Among her program and campus citizenship contributions, Rosa created the BA Media Project to document the academic activities of the program; has coordinated the Student Showcase since 2007, served as Chair of the Administrator’s Assembly 2015-1016, and is an active member of the Diversity Committee.

Rosa teaches interdisciplinary courses that critically address the intersections of urban culture, zeitgeist, identity, and sense of community using multimedia teaching methods. She also teaches in the Bridge Program, where she designed BSL, an optional class for students that gets them out of the classroom and into the streets of Los Angeles. Part service learning, part ethnographic fieldwork training, offers students the opportunity to design and implement community-building projects while fostering hands-on applications of the humanities. Read an article on the BSL here.

An immigrant born, raised, and educated in Mexico City, Rosa specifically chose to live and work in Los Angeles because she considers it the ultimate urban challenge for community building. She sees L.A. as the precocious offspring of an accelerated, incremental, and relentless influx of differing cultural, economic, political, and environmental agendas intersecting in the region since the late 1700s. Whether in the classroom or in the field, she prompts her students to consider this city as an apt Petri dish where phenomena such as dislocation, hybridization, cultural change, and subversion typically may come into sharp focus.

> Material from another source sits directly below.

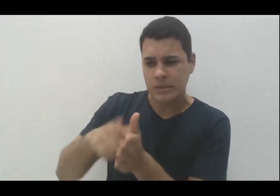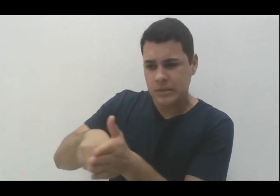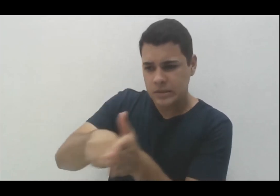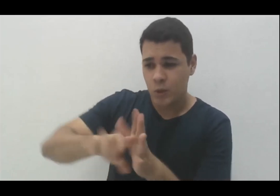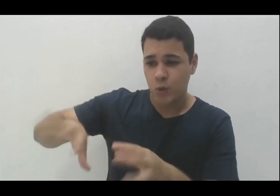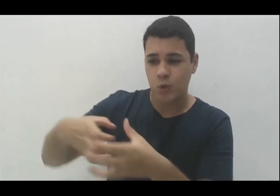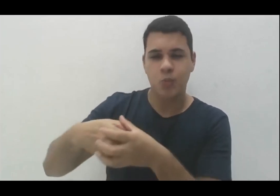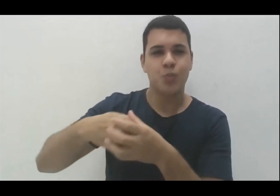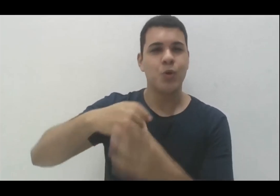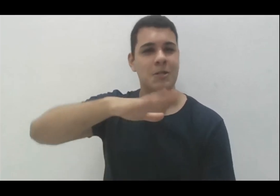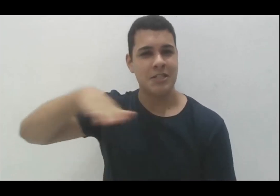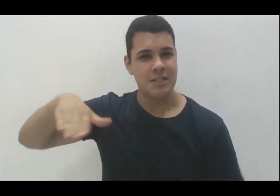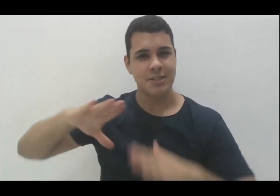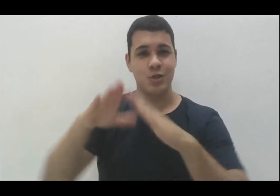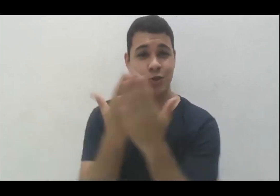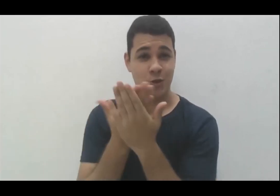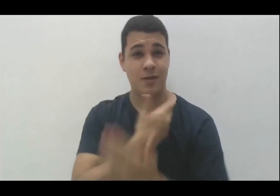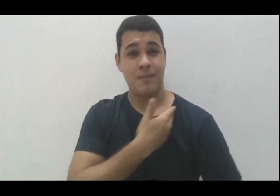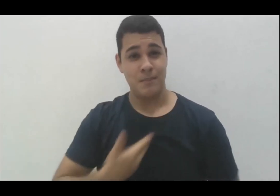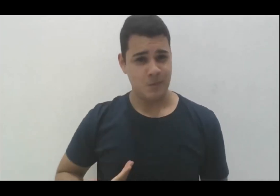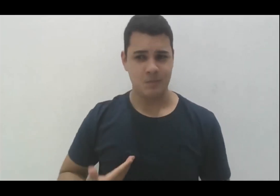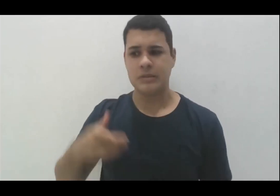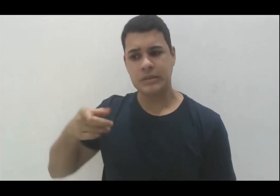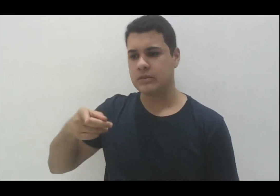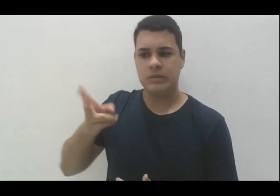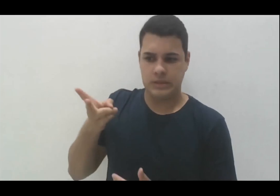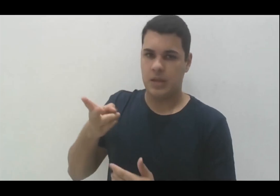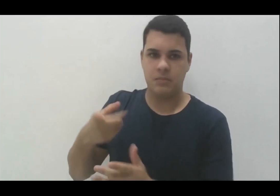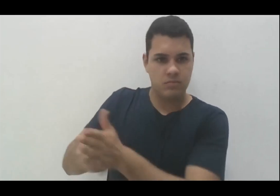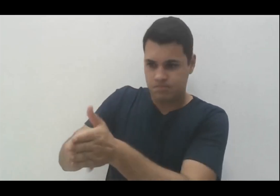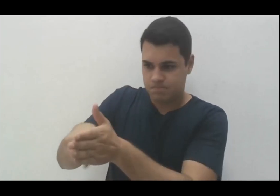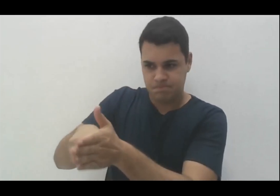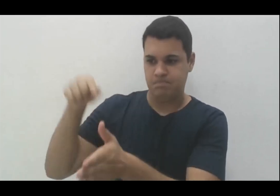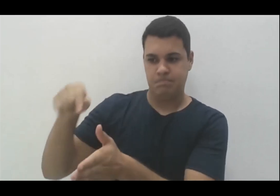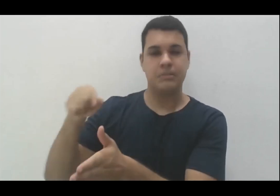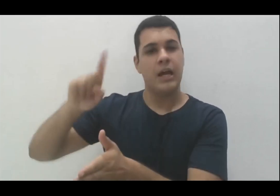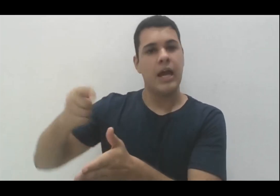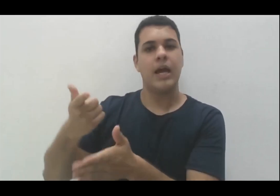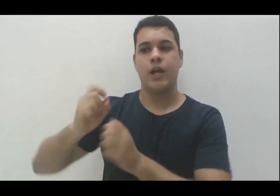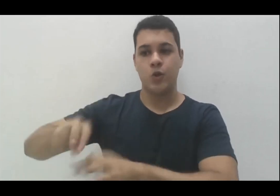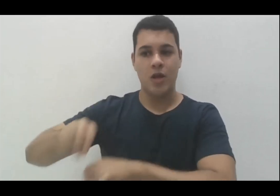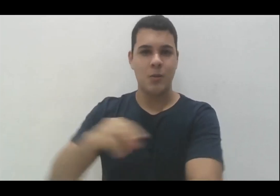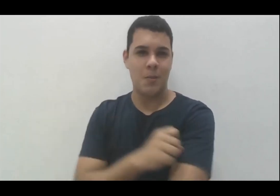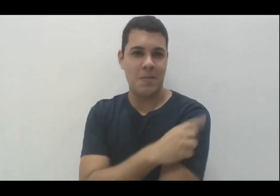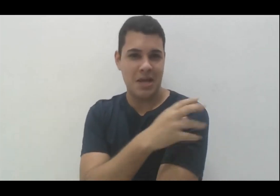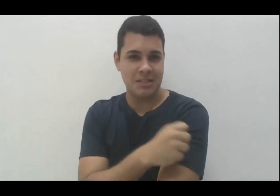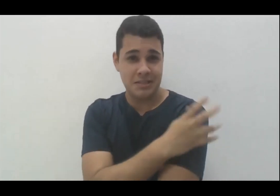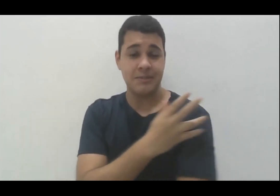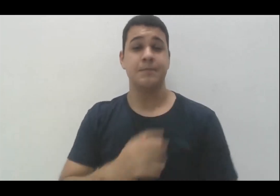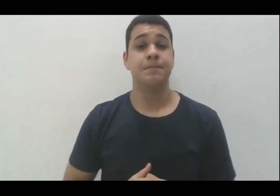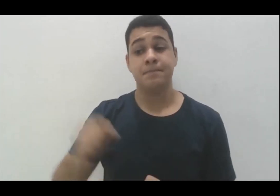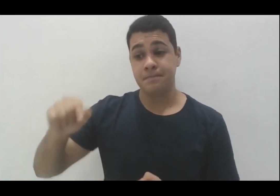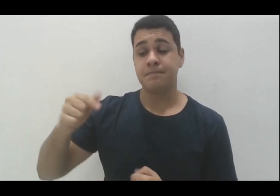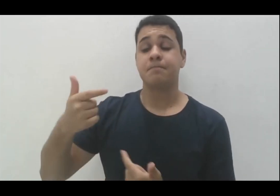públicas, que sempre foi meu objeto de pesquisa, educação básica, na verdade, o trabalho de

Her academic interests draw from the most current theoretical, methodological, and analytic frameworks of cultural studies as informed by anthropology, film/media studies, sociology, and urban studies. Rosa’s thesis on public urban setting interaction was an interdisciplinary participant observation study conducted in a low-income neighborhood of Mexico City. The study considered possible applications of communication and urban theory to the recording and analysis of transient ownership and domestication of public settings. Her documentary TV script based on this study received a national TV script award in 1985 by the Mexican government.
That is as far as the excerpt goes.